Exercise objective
Copy each line from the entries that the word "Question" appears in.

Task input Block Start

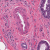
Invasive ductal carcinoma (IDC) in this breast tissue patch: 0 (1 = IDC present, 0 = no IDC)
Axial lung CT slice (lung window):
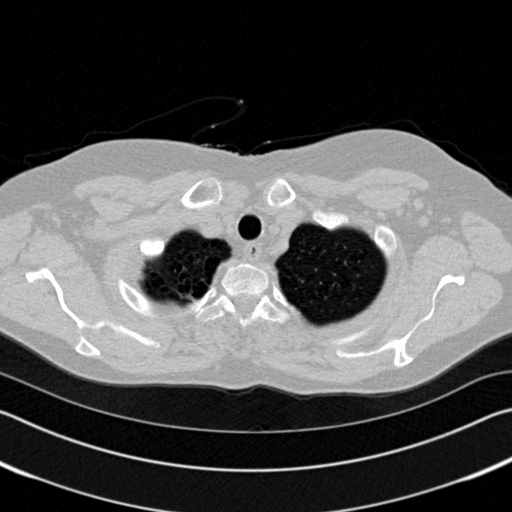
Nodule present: no
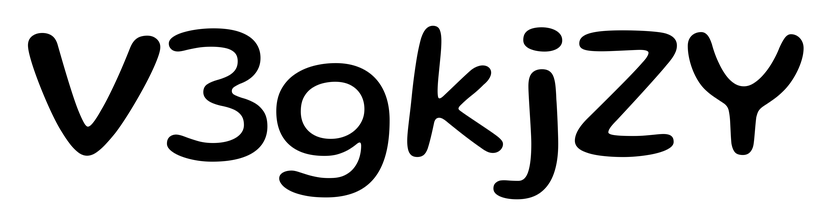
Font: Gluten_Regular
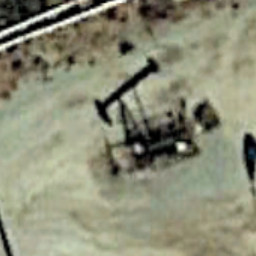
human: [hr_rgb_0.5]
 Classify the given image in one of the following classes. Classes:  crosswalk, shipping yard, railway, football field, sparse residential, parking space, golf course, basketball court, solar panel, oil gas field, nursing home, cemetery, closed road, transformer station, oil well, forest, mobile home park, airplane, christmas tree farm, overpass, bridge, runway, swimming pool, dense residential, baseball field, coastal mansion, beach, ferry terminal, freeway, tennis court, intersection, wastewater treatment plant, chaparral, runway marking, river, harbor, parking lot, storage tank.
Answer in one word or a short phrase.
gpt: oil well
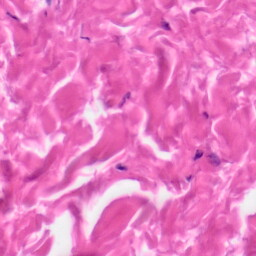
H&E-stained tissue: Skin
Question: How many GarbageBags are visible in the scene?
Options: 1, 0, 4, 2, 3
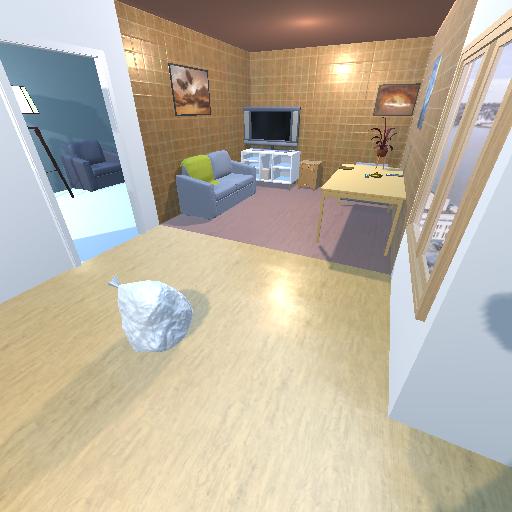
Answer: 1
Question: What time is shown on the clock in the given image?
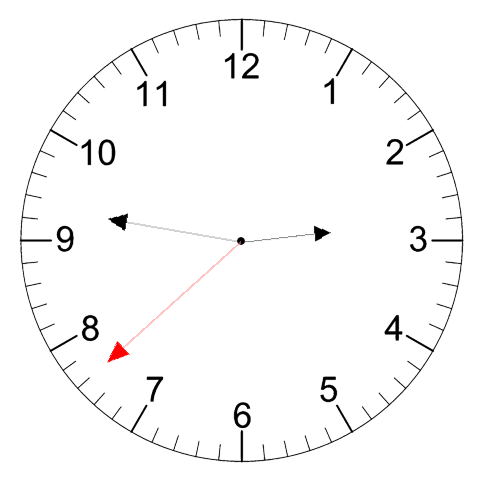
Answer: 02:46:38
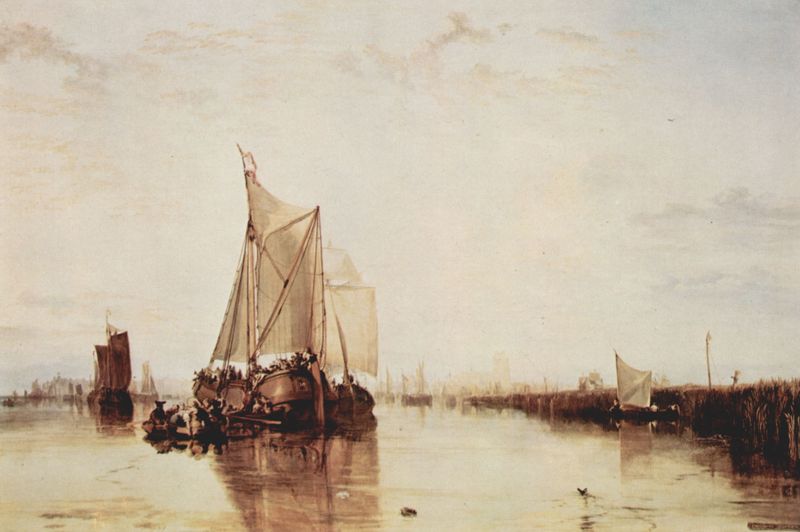
Titel: Dort, oder Dordrecht: Das Postschiff von Rotterdam in einer Flaute
Künstler: William Turner
Standort: New Haven (Connecticut)
Institution: Yale Center for British Art
Schlagwörter: berg, blau, himmel, meer, schatten, vogel, wasser, weiß, wolken, aquarell, fluss, gelb, landschaft, menschen, ocker, see, stadt, ufer, braun, grau, hell, licht, pastell, schwarz, zeichnung, ölbild, hund, tiere, wolke, beige, leute, malerei, holland, niederlande, ferne, horizont, hügel, schilf, spiegelung, wasserspiegelung, land, händler, england, ohren, arbeit, boot, boote, ruder, bewölkt, ruhig, schiff, schiffe, segel, segelboot, segelschiffe, ruhe, düster, ente, venedig, spiegelbild, fischer, segelschiff, dunst, lila, tag, violett, idylle, silhouette, sepia, bug, hafen, anleger, kai, masten, turner, soldaten, ruderboot, ruderer, anlegen, segelboote, gestade, watt, bedeckt, bewölkung, oberfläche, schwimmen, schwarzweiss, seefahrt, einfahrt, matrosen, begleitung, flotte, lotse, rettung, rumpf, wasservogel, rückkehr, ruderboote, heck, flaute, beiboot, zweimaster, schlepper, wassser, meeer, schif, ralle, andocken, besatung, rah, unfer, entern, voge, piraterie, bild gemälde, s, 1730, wolkje, enfland, piratier
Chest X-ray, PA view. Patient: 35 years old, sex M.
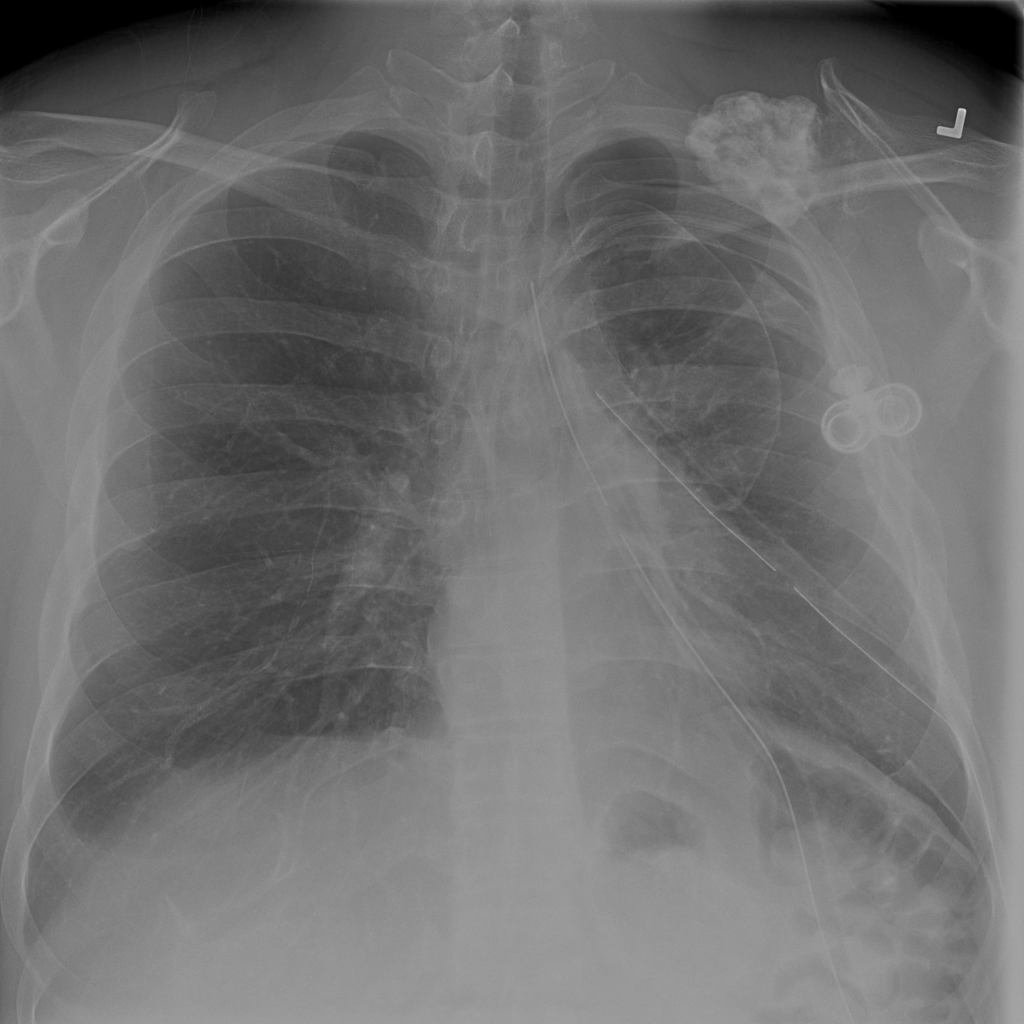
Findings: Mass, Pneumothorax

Task input Block End

Solution to the problem
Question: How many GarbageBags are visible in the scene?
Question: What time is shown on the clock in the given image?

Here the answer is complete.